### Task description
Exactly the lines from the start of the data below through the line containing "muy bien perfecto" must be returned, and no others.

[Records from a data source]
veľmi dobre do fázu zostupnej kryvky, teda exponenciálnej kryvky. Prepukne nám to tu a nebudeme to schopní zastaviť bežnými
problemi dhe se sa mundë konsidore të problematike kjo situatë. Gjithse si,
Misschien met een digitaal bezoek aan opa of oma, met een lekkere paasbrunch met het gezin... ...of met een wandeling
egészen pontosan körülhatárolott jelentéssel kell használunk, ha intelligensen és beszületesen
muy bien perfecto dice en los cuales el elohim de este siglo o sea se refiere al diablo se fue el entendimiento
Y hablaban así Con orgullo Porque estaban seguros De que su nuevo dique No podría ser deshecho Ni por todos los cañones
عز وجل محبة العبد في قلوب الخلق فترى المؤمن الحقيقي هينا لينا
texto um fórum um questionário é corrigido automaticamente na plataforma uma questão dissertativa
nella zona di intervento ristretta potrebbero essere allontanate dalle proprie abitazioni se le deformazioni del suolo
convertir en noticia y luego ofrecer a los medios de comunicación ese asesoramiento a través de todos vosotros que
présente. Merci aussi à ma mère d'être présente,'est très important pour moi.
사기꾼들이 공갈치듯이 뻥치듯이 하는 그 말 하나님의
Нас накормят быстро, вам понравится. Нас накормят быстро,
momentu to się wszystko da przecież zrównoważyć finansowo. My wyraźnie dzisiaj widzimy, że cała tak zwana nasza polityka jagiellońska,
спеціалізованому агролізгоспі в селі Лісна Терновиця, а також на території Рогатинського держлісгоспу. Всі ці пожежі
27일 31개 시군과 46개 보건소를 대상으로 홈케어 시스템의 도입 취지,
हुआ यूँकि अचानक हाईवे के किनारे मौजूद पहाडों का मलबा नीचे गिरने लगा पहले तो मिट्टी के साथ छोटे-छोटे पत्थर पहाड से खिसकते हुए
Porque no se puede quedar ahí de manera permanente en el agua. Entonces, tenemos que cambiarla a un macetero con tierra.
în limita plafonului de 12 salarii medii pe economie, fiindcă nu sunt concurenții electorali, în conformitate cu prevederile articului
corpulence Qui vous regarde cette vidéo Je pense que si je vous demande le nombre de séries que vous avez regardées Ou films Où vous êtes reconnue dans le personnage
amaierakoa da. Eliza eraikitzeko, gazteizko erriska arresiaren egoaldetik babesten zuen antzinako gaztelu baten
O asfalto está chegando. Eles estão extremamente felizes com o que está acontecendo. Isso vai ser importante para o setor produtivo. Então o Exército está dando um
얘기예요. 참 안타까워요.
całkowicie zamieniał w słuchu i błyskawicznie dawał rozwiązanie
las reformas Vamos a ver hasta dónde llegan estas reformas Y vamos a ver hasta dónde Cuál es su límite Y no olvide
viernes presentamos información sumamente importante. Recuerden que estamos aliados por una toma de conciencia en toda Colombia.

### Solution for this task
veľmi dobre do fázu zostupnej kryvky, teda exponenciálnej kryvky. Prepukne nám to tu a nebudeme to schopní zastaviť bežnými
problemi dhe se sa mundë konsidore të problematike kjo situatë. Gjithse si,
Misschien met een digitaal bezoek aan opa of oma, met een lekkere paasbrunch met het gezin... ...of met een wandeling
egészen pontosan körülhatárolott jelentéssel kell használunk, ha intelligensen és beszületesen
muy bien perfecto dice en los cuales el elohim de este siglo o sea se refiere al diablo se fue el entendimiento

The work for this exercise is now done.